Over the next few years, her work began to show how much she had learned from that wonderful poet, critic, and teacher Donald Davie at Stanford. But it also continued to speak of the passionate knowledge and wonder of The Compleat Trainer (as I have thought of her), to whom I had listened with such fascination, and whose expertise in the training of animals and philosophical concerns for the epistemologies and moral overtones born of its theory and practice, would thereafter continue to inform—rather than crudely shape—her work. She was a distinguished member of a poetic generation in North America that included Debora Greger, Anne Carson, J. D. McClatchy, Louise Gluck, John Koethe, Rachel Hadas, Alfred Corn, Marilyn Hacker, and A. F. Moritz (to name some of those who, for me, speak both to the intellect and the sensibility of their readership); it was also, in my experience, the first such poetic generation (all born within three or four years of Hearne) that numbered as many equally strong, thoughtful female poets as male (as has indeed remained the case since).
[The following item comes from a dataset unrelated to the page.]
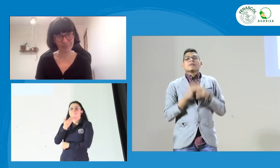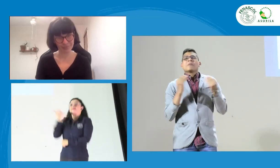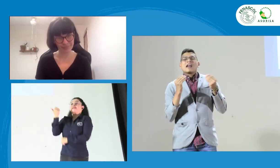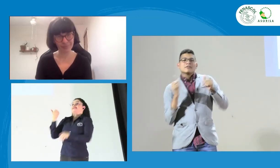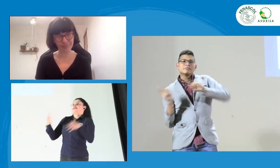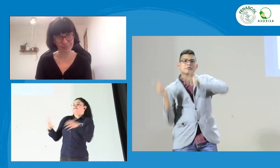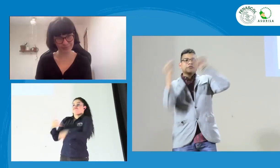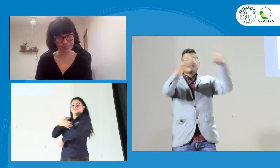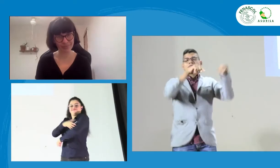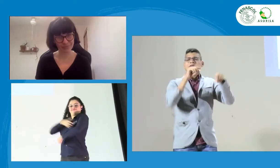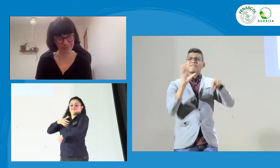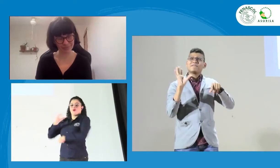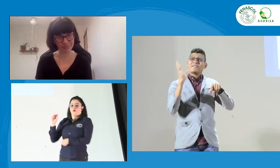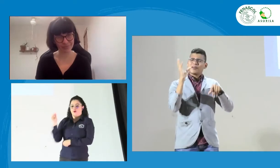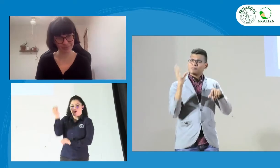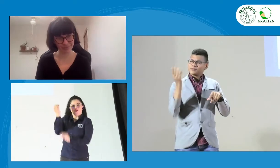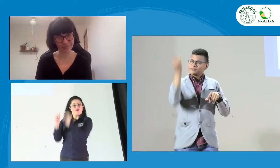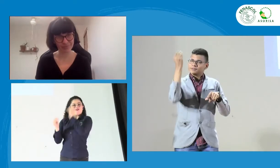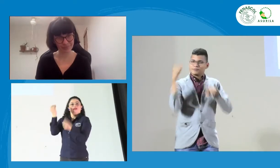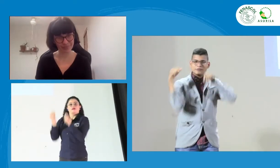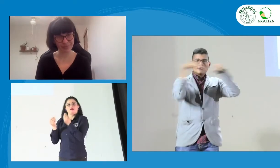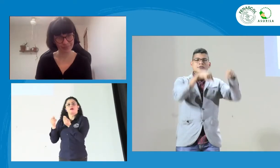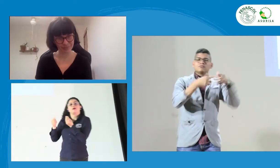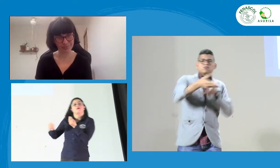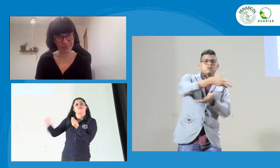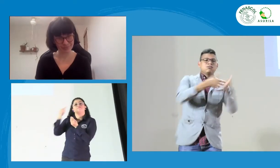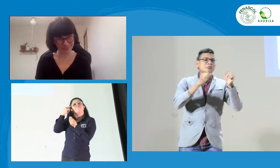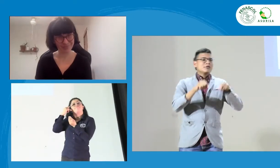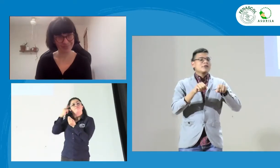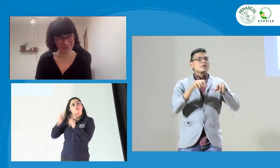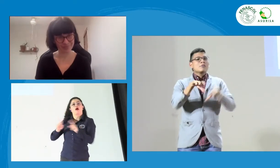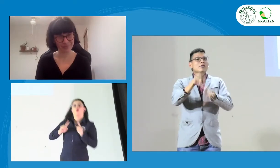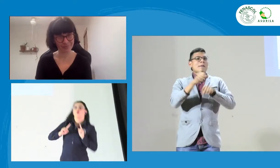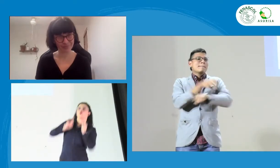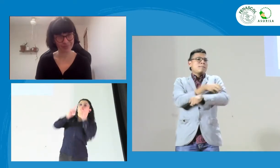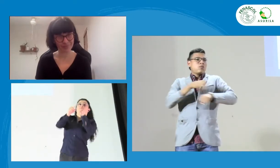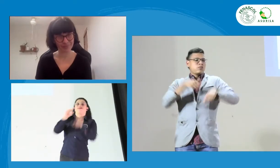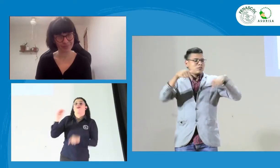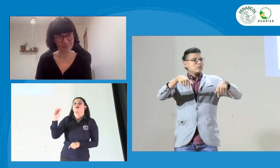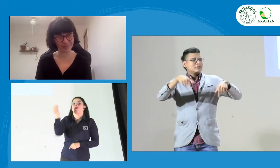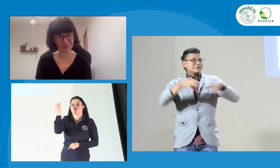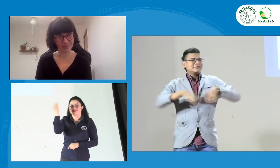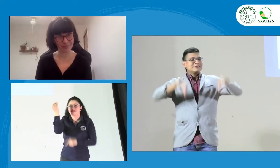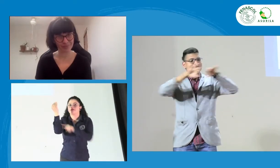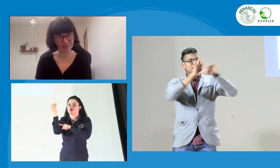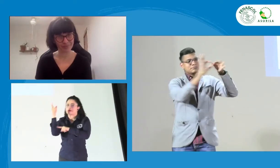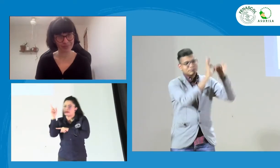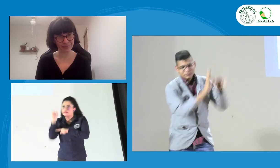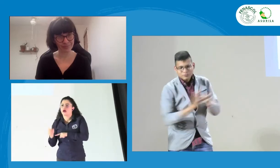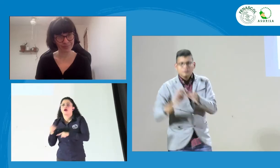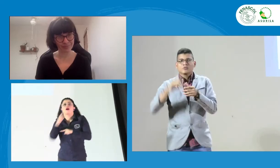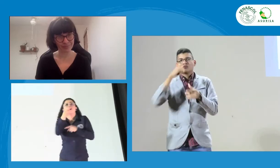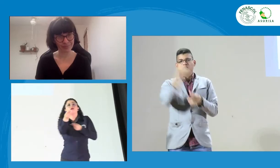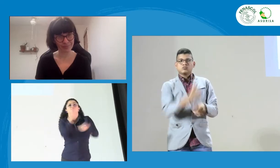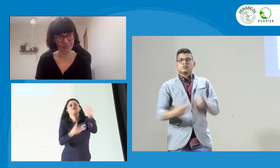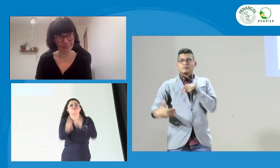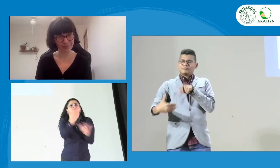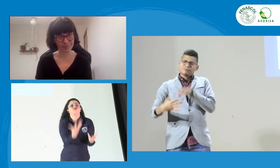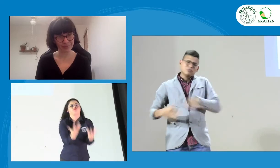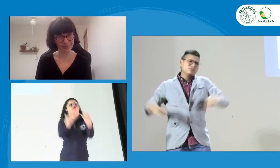podamos unir y pues podernos empoderar. Sé que en el grupo de jóvenes de la WFD pues es fuerte, pero nosotros necesitamos

During the final months of her life, Vicki Hearne, in conjunction with the University of Chicago Press, was working on a volume of new and selected poetry, including the long, still unpublished poem "Tricks of the Light." The book you now have in hand, then, contains the author's own selections from her three published books, in addition to a considerable number of poems unpublished in any form at the time of her passing. In the weeks before her death, she sent the final manuscript of the book to the editor who secured periodical publication of most of the unpublished poems. The editor subsequently consulted with professors Susan Stewart and Colin (Joan) Dayan, collating it with earlier drafts of the selection. The present text departs from the author's manuscript only in placing the long poem at the end of the section of previously unpublished ones, and in some typographical corrections of erratic punctuation, spacing, capitalization, etc. In some instances, changes are recorded in the endnotes in this volume. To the rare occasional glossorial footnotes that Hearne provided, I have added a few notes of my own.